# Material supplied
──────────────────────────────

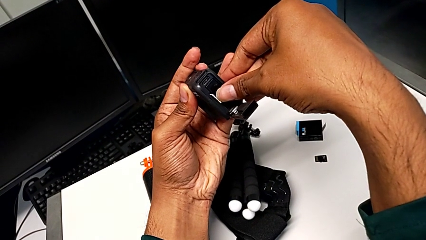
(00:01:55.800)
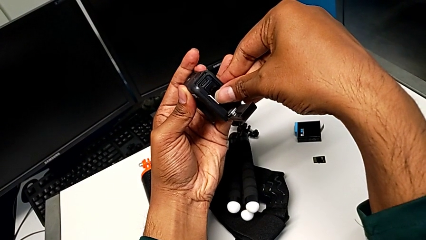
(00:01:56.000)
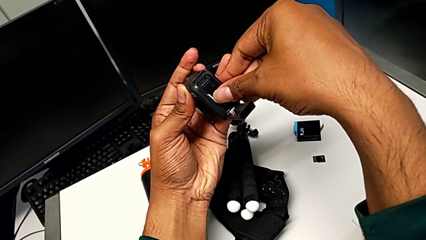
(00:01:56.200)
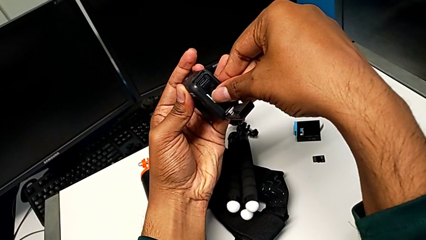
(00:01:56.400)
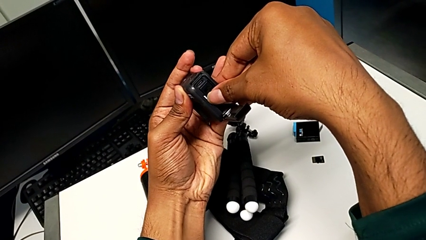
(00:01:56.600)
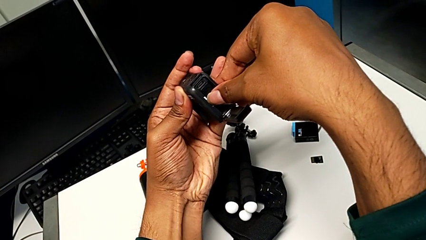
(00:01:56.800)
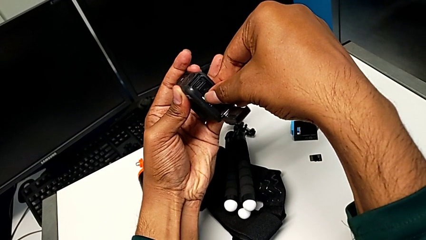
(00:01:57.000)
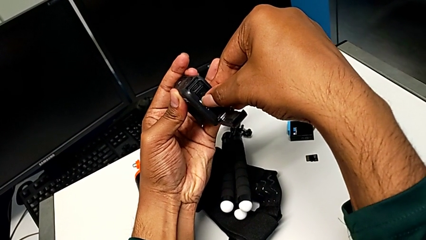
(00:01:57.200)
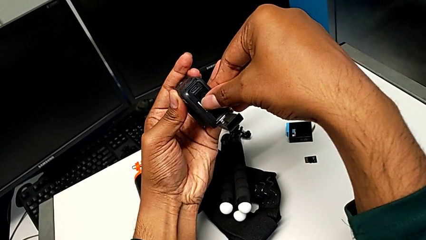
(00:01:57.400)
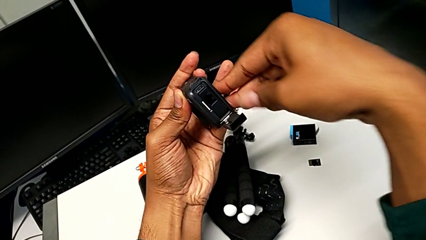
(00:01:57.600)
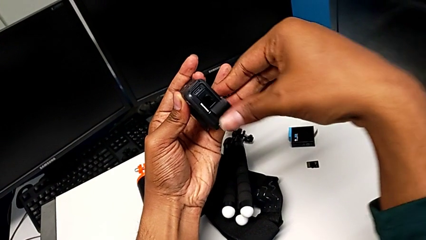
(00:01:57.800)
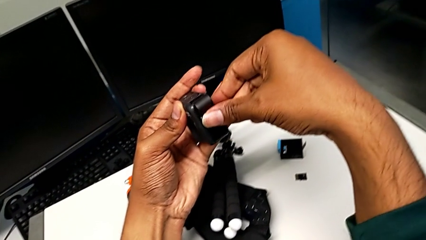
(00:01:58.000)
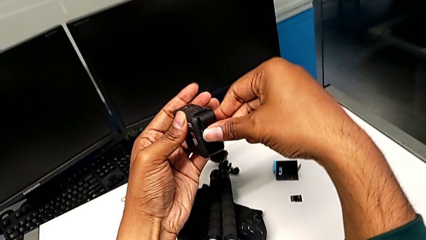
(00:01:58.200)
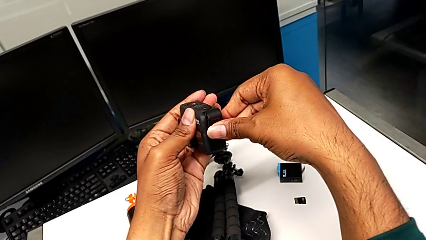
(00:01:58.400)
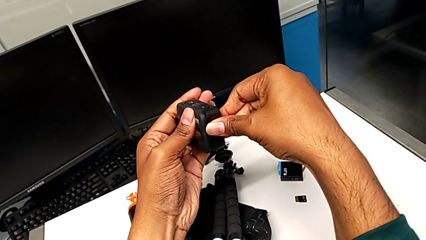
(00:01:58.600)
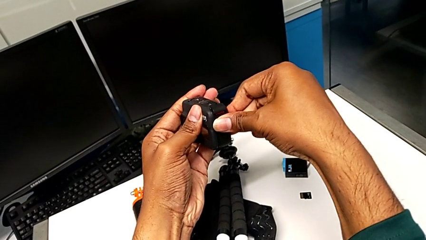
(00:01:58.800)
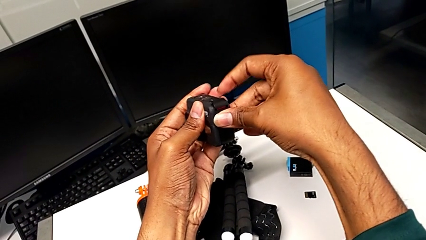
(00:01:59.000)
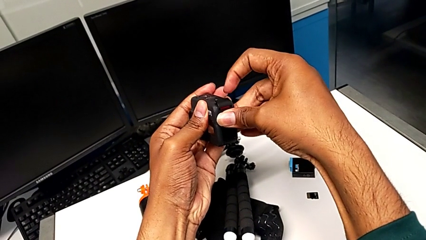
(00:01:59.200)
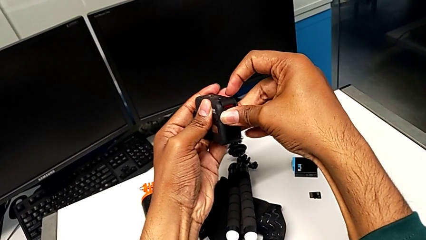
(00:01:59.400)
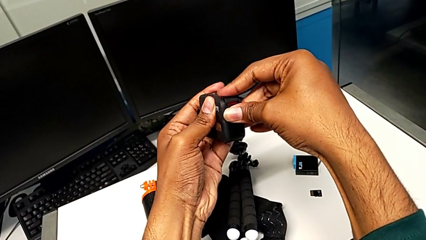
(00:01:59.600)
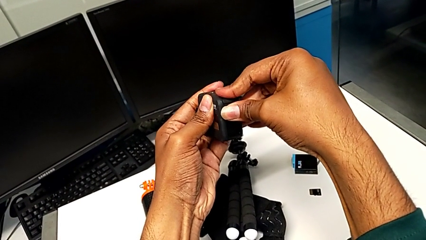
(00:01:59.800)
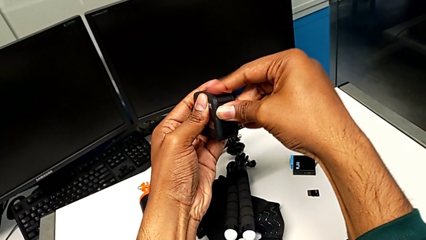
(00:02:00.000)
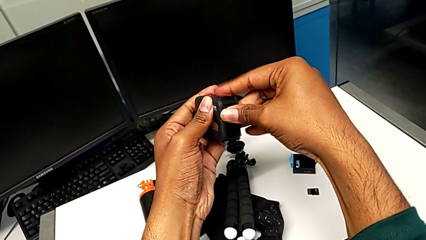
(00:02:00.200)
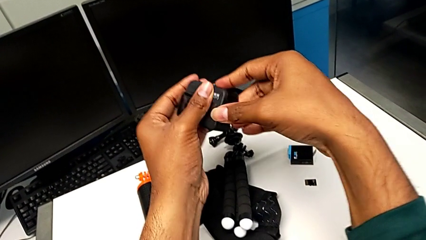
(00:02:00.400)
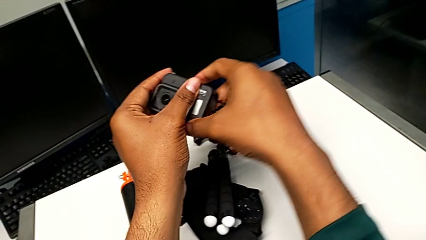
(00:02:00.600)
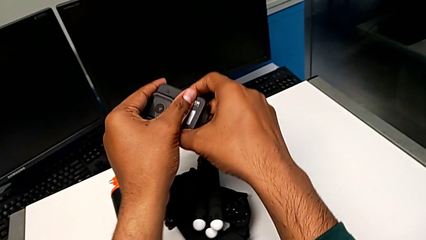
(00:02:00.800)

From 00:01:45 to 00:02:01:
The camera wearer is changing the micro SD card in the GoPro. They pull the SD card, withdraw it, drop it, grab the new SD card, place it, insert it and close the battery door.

──────────────────────────────

# Task statement
Print the entire listing above verbatim. No picture should be included.

# Exercise answer
(00:01:55.800)
(00:01:56.000)
(00:01:56.200)
(00:01:56.400)
(00:01:56.600)
(00:01:56.800)
(00:01:57.000)
(00:01:57.200)
(00:01:57.400)
(00:01:57.600)
(00:01:57.800)
(00:01:58.000)
(00:01:58.200)
(00:01:58.400)
(00:01:58.600)
(00:01:58.800)
(00:01:59.000)
(00:01:59.200)
(00:01:59.400)
(00:01:59.600)
(00:01:59.800)
(00:02:00.000)
(00:02:00.200)
(00:02:00.400)
(00:02:00.600)
(00:02:00.800)

From 00:01:45 to 00:02:01:
The camera wearer is changing the micro SD card in the GoPro. They pull the SD card, withdraw it, drop it, grab the new SD card, place it, insert it and close the battery door.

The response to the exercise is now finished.